EXERCISE: Copy the records below exactly, leaving out any pictures.

MATERIALS PROVIDED:
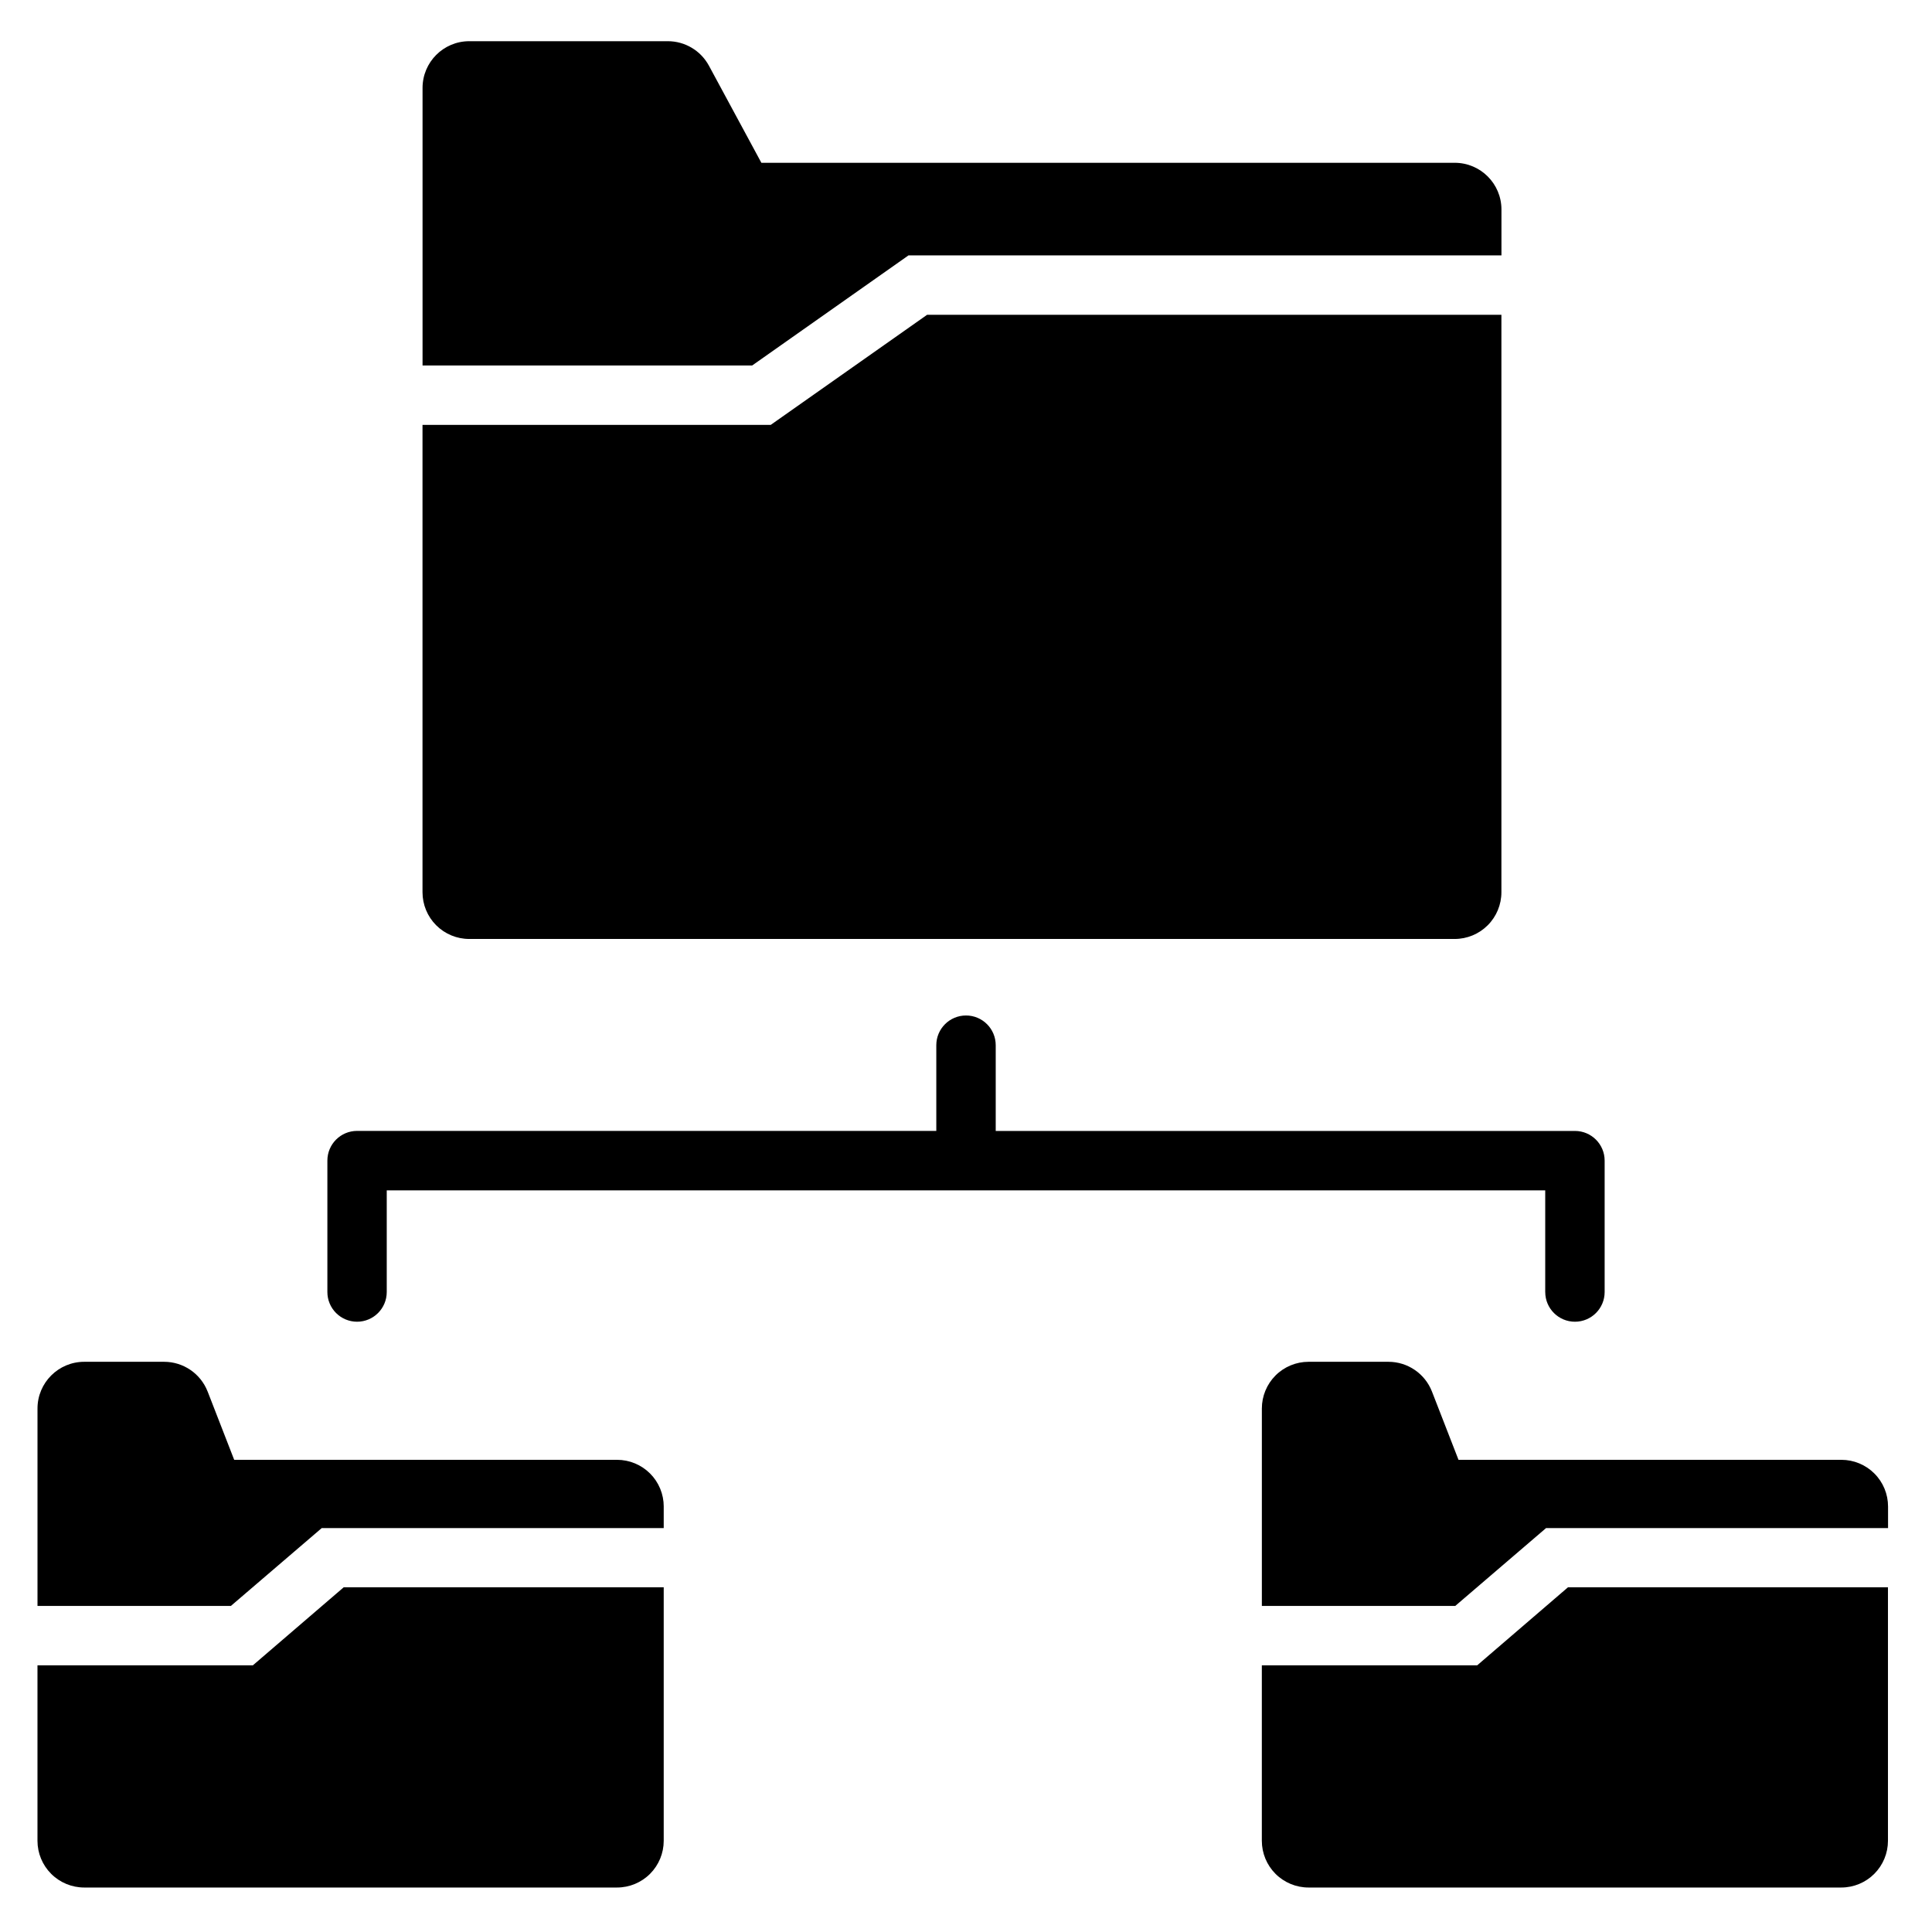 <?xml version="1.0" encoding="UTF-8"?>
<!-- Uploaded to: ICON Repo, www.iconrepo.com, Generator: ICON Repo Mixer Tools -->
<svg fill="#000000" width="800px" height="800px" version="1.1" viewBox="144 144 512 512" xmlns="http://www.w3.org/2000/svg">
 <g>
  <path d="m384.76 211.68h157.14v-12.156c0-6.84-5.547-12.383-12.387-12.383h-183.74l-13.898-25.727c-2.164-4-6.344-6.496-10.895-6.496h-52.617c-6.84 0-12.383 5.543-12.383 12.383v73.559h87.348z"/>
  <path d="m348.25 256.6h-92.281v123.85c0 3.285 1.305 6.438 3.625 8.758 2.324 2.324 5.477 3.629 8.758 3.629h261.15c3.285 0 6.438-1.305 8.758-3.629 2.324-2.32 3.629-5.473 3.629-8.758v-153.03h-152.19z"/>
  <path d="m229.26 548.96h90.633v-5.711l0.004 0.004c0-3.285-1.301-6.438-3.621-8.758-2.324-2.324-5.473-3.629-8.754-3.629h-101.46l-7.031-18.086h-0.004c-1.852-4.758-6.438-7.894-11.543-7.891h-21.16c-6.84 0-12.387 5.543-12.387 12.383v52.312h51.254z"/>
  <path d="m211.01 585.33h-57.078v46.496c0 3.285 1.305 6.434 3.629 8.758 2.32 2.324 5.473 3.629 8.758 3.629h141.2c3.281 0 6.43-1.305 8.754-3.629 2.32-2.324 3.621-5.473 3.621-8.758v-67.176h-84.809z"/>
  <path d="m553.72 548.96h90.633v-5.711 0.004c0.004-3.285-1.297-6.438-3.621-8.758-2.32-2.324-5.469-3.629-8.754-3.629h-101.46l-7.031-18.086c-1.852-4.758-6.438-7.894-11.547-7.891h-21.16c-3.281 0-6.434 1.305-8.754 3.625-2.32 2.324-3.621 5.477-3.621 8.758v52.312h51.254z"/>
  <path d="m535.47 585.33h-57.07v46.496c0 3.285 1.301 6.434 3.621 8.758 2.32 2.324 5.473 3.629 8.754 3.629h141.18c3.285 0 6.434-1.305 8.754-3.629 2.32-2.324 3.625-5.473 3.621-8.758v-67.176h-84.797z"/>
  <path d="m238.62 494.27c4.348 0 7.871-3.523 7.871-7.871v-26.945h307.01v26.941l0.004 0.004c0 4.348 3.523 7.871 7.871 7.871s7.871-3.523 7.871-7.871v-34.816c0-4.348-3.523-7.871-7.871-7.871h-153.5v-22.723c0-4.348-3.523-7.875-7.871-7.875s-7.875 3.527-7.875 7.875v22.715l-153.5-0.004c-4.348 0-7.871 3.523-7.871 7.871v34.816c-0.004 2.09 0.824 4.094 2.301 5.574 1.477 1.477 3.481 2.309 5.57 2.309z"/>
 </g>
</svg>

RESULT:
 <?xml version="1.0" encoding="UTF-8"?>
<!-- Uploaded to: ICON Repo, www.iconrepo.com, Generator: ICON Repo Mixer Tools -->
<svg fill="#000000" width="800px" height="800px" version="1.1" viewBox="144 144 512 512" xmlns="http://www.w3.org/2000/svg">
 <g>
  <path d="m384.76 211.68h157.14v-12.156c0-6.84-5.547-12.383-12.387-12.383h-183.74l-13.898-25.727c-2.164-4-6.344-6.496-10.895-6.496h-52.617c-6.84 0-12.383 5.543-12.383 12.383v73.559h87.348z"/>
  <path d="m348.25 256.6h-92.281v123.85c0 3.285 1.305 6.438 3.625 8.758 2.324 2.324 5.477 3.629 8.758 3.629h261.15c3.285 0 6.438-1.305 8.758-3.629 2.324-2.32 3.629-5.473 3.629-8.758v-153.03h-152.19z"/>
  <path d="m229.26 548.96h90.633v-5.711l0.004 0.004c0-3.285-1.301-6.438-3.621-8.758-2.324-2.324-5.473-3.629-8.754-3.629h-101.46l-7.031-18.086h-0.004c-1.852-4.758-6.438-7.894-11.543-7.891h-21.16c-6.84 0-12.387 5.543-12.387 12.383v52.312h51.254z"/>
  <path d="m211.01 585.33h-57.078v46.496c0 3.285 1.305 6.434 3.629 8.758 2.32 2.324 5.473 3.629 8.758 3.629h141.2c3.281 0 6.43-1.305 8.754-3.629 2.32-2.324 3.621-5.473 3.621-8.758v-67.176h-84.809z"/>
  <path d="m553.72 548.96h90.633v-5.711 0.004c0.004-3.285-1.297-6.438-3.621-8.758-2.32-2.324-5.469-3.629-8.754-3.629h-101.46l-7.031-18.086c-1.852-4.758-6.438-7.894-11.547-7.891h-21.16c-3.281 0-6.434 1.305-8.754 3.625-2.32 2.324-3.621 5.477-3.621 8.758v52.312h51.254z"/>
  <path d="m535.47 585.33h-57.07v46.496c0 3.285 1.301 6.434 3.621 8.758 2.32 2.324 5.473 3.629 8.754 3.629h141.18c3.285 0 6.434-1.305 8.754-3.629 2.32-2.324 3.625-5.473 3.621-8.758v-67.176h-84.797z"/>
  <path d="m238.62 494.27c4.348 0 7.871-3.523 7.871-7.871v-26.945h307.01v26.941l0.004 0.004c0 4.348 3.523 7.871 7.871 7.871s7.871-3.523 7.871-7.871v-34.816c0-4.348-3.523-7.871-7.871-7.871h-153.5v-22.723c0-4.348-3.523-7.875-7.871-7.875s-7.875 3.527-7.875 7.875v22.715l-153.5-0.004c-4.348 0-7.871 3.523-7.871 7.871v34.816c-0.004 2.09 0.824 4.094 2.301 5.574 1.477 1.477 3.481 2.309 5.57 2.309z"/>
 </g>
</svg>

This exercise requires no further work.